Copy, from the data below, each line that has the word "glyphs".

Supplied data
┌──

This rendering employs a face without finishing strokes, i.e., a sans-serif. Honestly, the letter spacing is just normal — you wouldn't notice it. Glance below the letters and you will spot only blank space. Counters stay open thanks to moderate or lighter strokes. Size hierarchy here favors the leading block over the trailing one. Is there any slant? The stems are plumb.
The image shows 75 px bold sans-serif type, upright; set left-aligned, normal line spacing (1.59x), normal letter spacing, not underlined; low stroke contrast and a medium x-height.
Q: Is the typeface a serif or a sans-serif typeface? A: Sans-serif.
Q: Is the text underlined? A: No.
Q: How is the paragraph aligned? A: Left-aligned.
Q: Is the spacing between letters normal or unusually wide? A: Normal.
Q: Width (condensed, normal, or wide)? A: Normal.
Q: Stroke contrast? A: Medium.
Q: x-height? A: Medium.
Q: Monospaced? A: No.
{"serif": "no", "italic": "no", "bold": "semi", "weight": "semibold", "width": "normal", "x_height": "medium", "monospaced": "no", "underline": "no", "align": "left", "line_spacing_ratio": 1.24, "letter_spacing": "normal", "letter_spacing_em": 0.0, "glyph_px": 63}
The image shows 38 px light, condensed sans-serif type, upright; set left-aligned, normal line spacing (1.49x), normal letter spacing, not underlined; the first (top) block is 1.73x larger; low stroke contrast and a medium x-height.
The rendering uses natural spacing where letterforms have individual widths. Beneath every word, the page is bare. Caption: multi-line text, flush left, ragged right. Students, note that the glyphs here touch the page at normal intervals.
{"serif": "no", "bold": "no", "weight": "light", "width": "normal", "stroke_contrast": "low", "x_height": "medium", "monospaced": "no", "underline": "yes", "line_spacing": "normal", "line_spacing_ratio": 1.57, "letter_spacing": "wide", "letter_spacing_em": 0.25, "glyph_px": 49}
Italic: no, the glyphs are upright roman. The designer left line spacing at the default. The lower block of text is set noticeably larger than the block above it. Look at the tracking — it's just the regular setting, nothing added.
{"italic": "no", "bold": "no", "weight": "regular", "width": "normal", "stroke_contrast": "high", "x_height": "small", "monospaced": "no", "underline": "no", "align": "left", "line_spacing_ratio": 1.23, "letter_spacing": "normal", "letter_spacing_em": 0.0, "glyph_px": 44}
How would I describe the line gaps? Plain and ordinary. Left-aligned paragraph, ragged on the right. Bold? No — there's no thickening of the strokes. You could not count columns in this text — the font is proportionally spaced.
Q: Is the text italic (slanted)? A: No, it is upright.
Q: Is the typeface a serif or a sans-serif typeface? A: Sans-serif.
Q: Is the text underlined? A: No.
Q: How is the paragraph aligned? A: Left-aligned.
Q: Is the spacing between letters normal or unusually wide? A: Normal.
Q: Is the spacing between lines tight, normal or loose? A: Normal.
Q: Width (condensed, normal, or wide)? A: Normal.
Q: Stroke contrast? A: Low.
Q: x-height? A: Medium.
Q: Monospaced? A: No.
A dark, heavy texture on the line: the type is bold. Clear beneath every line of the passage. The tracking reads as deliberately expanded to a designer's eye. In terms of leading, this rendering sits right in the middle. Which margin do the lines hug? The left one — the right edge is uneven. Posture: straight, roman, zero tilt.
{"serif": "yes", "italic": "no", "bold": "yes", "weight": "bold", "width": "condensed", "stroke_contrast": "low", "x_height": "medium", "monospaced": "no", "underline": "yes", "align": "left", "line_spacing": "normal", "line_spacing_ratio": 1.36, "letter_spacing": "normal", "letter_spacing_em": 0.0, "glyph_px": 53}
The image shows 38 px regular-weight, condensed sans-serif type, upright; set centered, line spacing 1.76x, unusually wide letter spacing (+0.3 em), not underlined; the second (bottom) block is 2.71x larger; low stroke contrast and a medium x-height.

└──

Answer box
The rendering uses natural spacing where letterforms have individual widths. Beneath every word, the page is bare. Caption: multi-line text, flush left, ragged right. Students, note that the glyphs here touch the page at normal intervals.
Italic: no, the glyphs are upright roman. The designer left line spacing at the default. The lower block of text is set noticeably larger than the block above it. Look at the tracking — it's just the regular setting, nothing added.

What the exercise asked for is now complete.